◆ **Exercise aim**: Restate the listing below word for word, pictures excluded.

◆ **Records shown**:
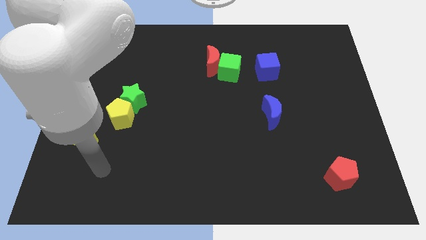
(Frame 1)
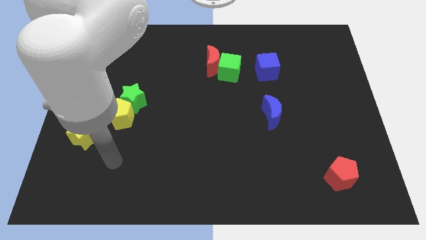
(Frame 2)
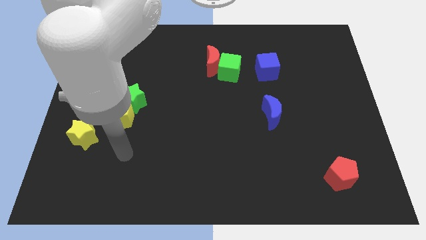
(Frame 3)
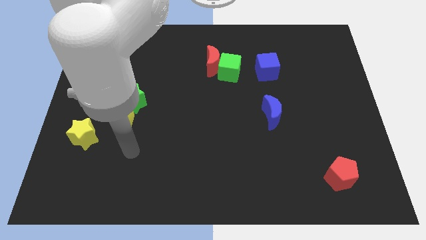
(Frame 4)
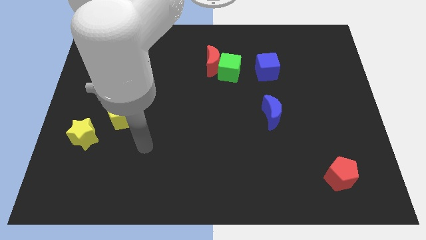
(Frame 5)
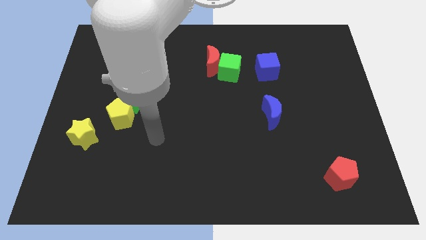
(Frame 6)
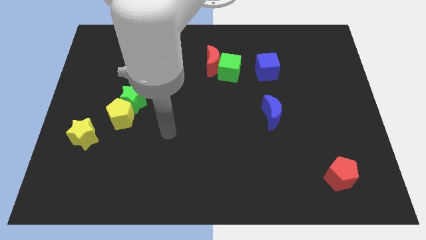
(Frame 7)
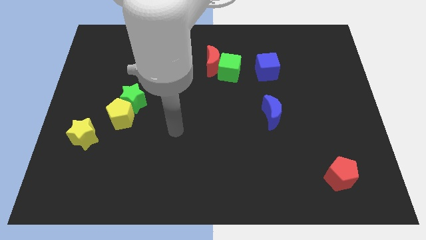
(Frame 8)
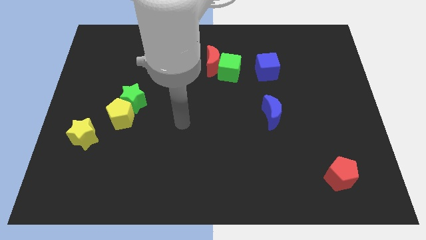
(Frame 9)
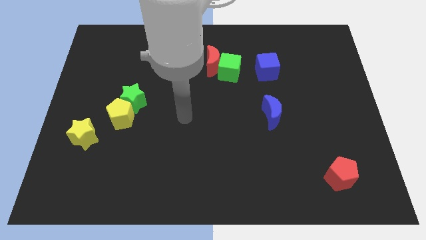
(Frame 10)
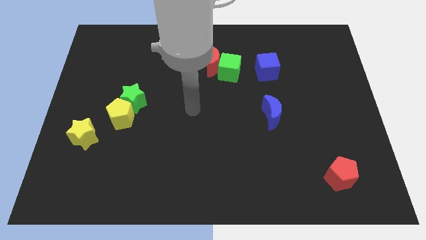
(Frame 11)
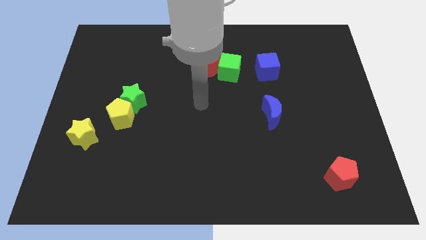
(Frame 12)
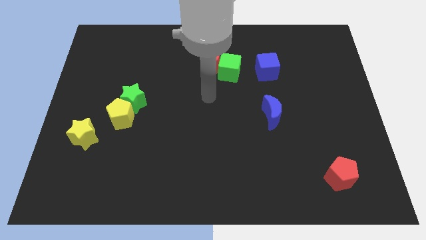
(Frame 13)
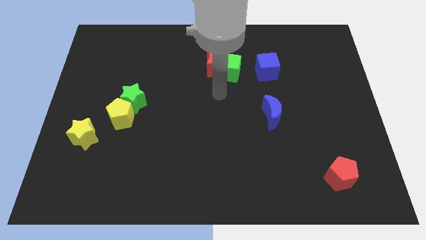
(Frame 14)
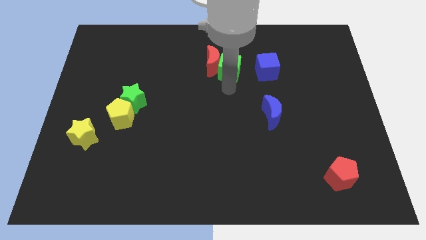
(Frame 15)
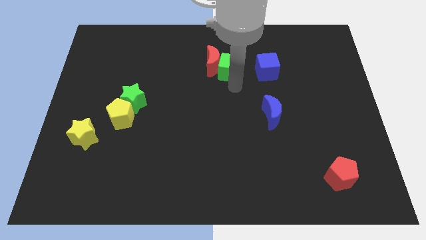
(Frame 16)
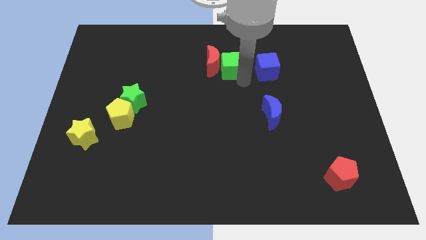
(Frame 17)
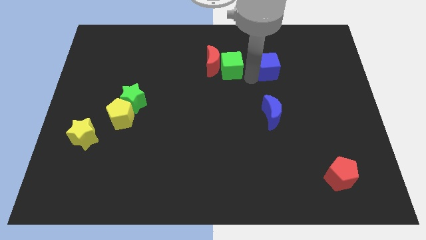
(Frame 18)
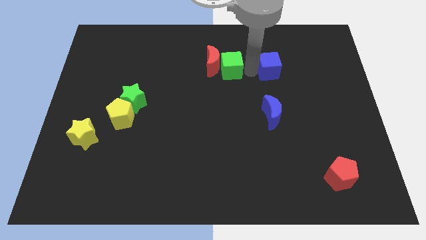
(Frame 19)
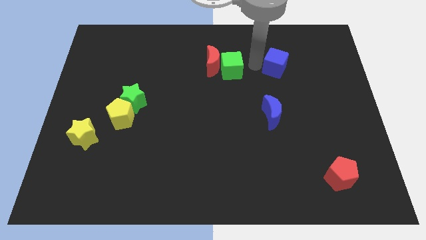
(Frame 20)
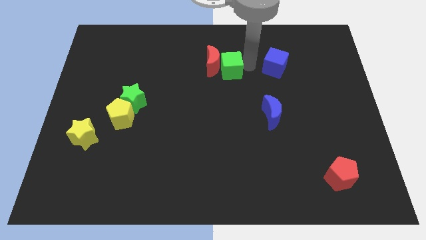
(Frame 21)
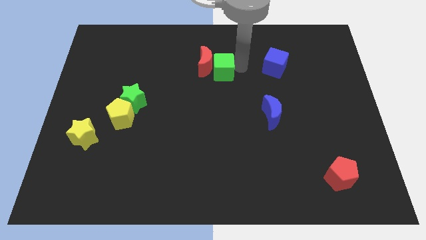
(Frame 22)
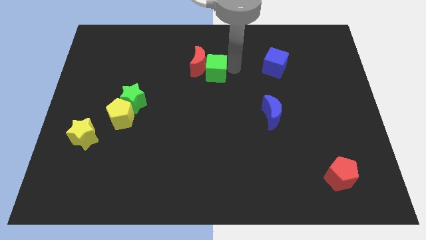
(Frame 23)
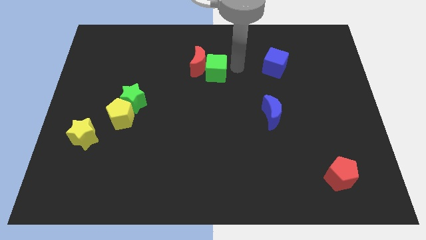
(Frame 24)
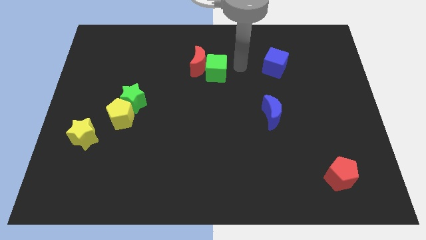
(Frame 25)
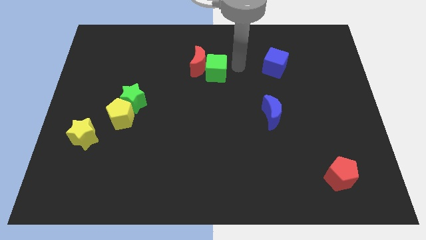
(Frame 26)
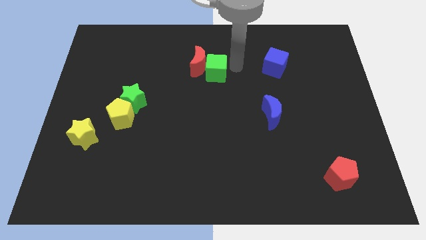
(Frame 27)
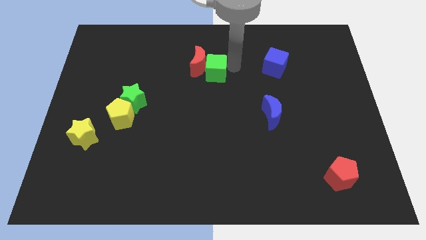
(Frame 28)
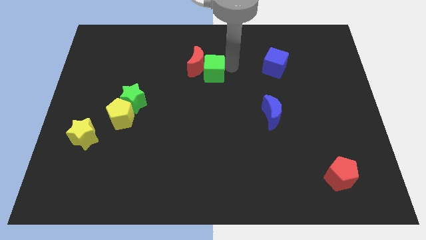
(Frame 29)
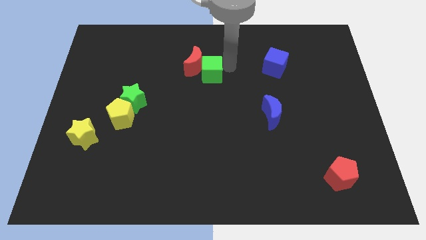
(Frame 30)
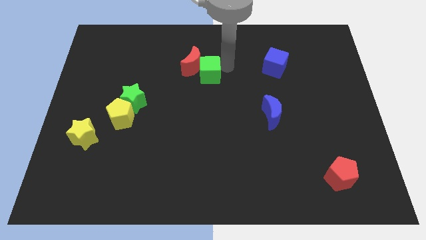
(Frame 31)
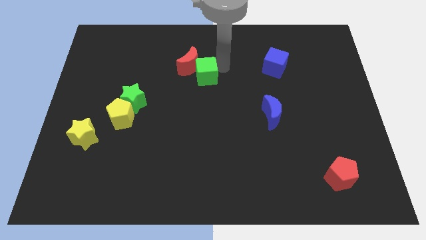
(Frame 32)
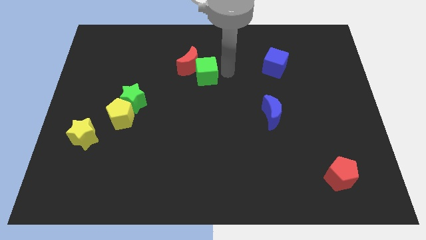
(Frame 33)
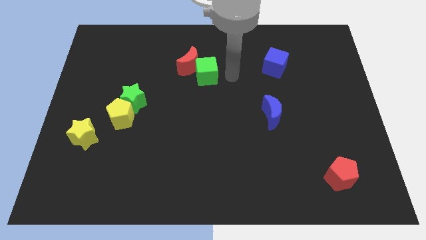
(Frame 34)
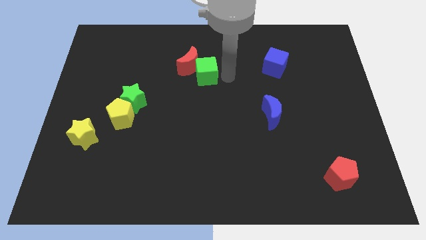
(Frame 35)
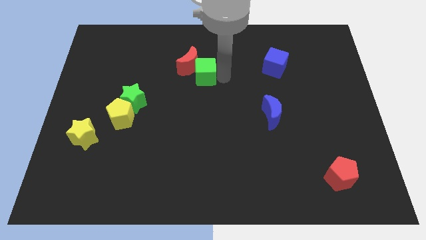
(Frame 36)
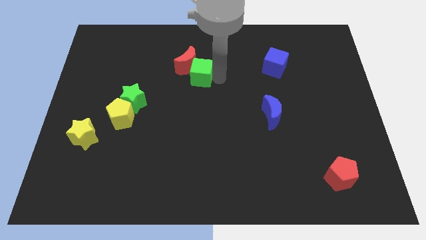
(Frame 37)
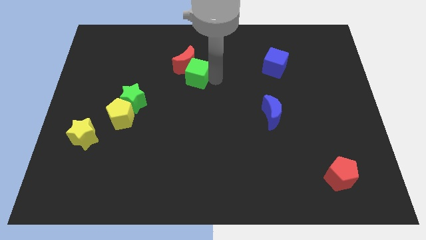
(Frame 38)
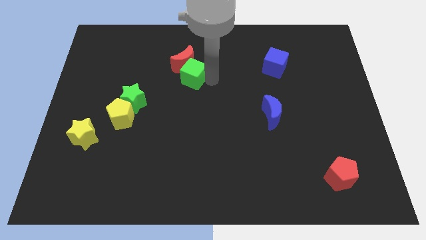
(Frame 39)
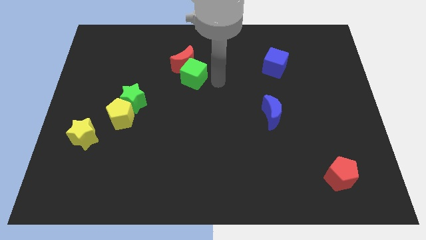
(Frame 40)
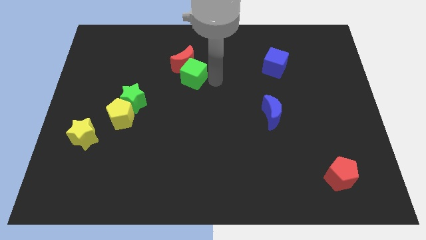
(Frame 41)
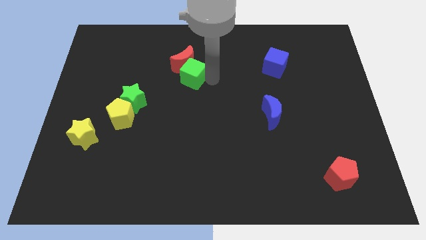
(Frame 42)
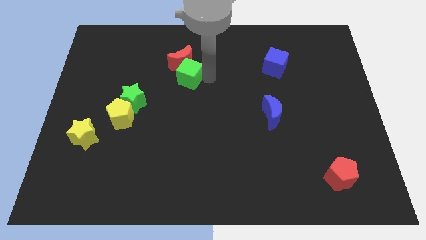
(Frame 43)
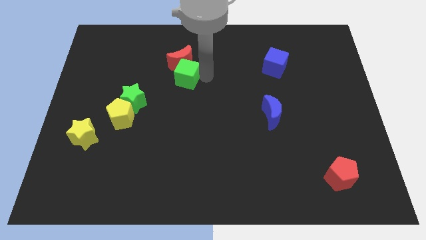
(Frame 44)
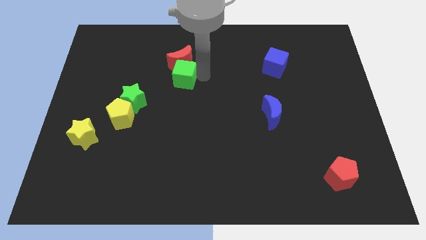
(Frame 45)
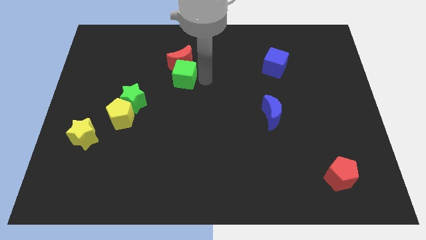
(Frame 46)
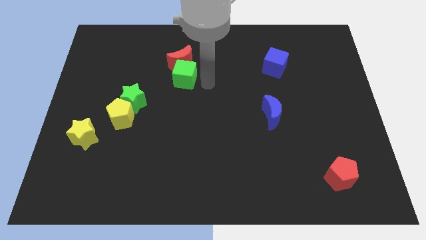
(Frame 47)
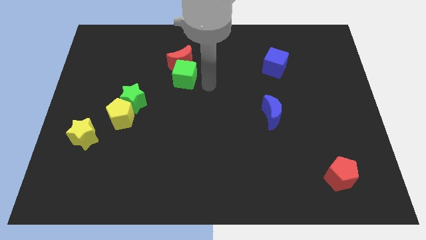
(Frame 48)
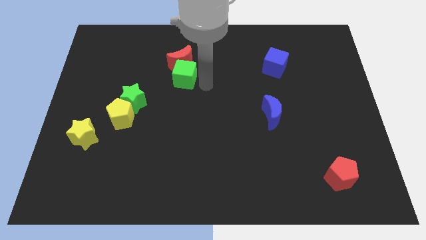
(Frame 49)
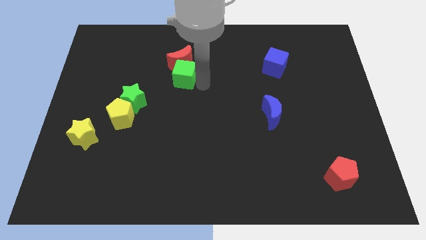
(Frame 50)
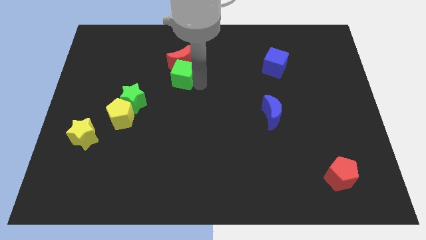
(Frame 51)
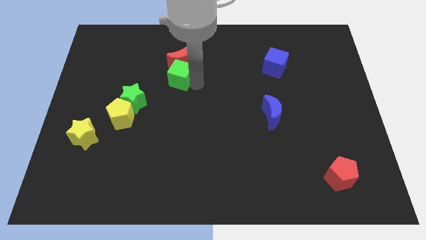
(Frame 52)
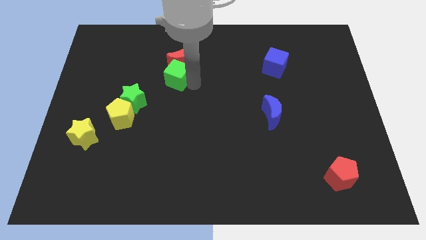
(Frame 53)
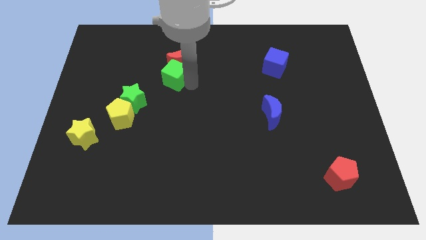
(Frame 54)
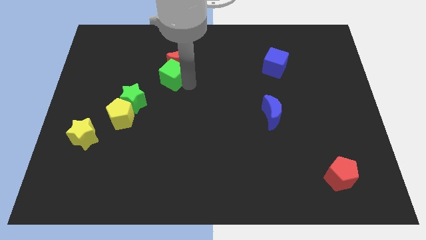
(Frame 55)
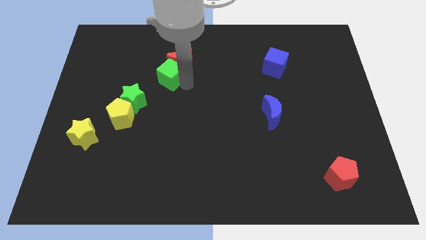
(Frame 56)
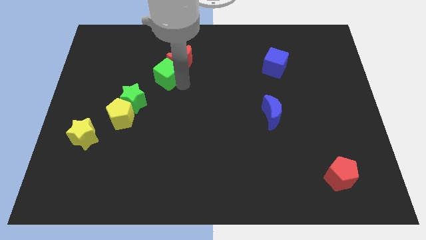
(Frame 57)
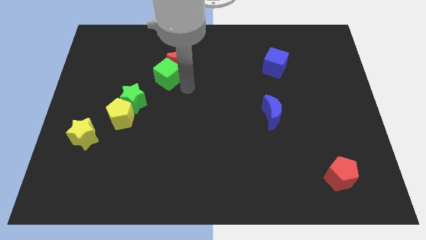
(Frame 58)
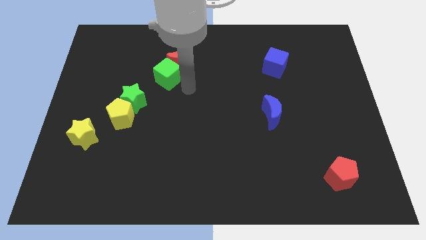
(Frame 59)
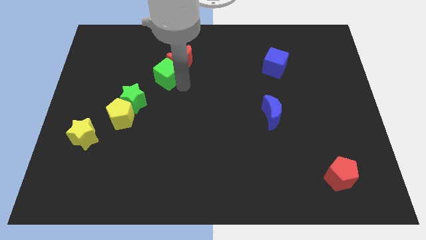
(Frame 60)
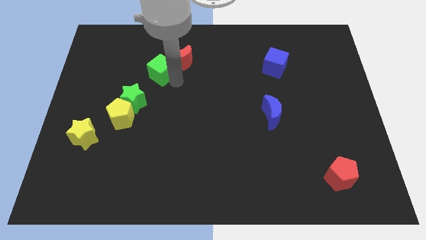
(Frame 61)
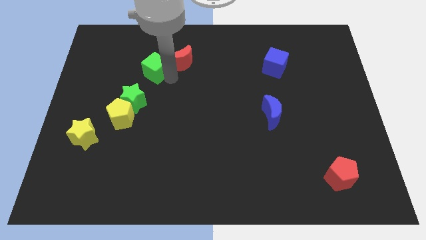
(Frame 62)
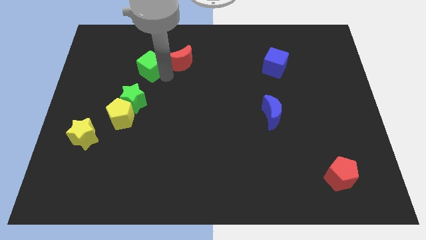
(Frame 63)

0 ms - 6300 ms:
push the green cube to the left

◆ **Response to this task**:
(Frame 1)
(Frame 2)
(Frame 3)
(Frame 4)
(Frame 5)
(Frame 6)
(Frame 7)
(Frame 8)
(Frame 9)
(Frame 10)
(Frame 11)
(Frame 12)
(Frame 13)
(Frame 14)
(Frame 15)
(Frame 16)
(Frame 17)
(Frame 18)
(Frame 19)
(Frame 20)
(Frame 21)
(Frame 22)
(Frame 23)
(Frame 24)
(Frame 25)
(Frame 26)
(Frame 27)
(Frame 28)
(Frame 29)
(Frame 30)
(Frame 31)
(Frame 32)
(Frame 33)
(Frame 34)
(Frame 35)
(Frame 36)
(Frame 37)
(Frame 38)
(Frame 39)
(Frame 40)
(Frame 41)
(Frame 42)
(Frame 43)
(Frame 44)
(Frame 45)
(Frame 46)
(Frame 47)
(Frame 48)
(Frame 49)
(Frame 50)
(Frame 51)
(Frame 52)
(Frame 53)
(Frame 54)
(Frame 55)
(Frame 56)
(Frame 57)
(Frame 58)
(Frame 59)
(Frame 60)
(Frame 61)
(Frame 62)
(Frame 63)

0 ms - 6300 ms:
push the green cube to the left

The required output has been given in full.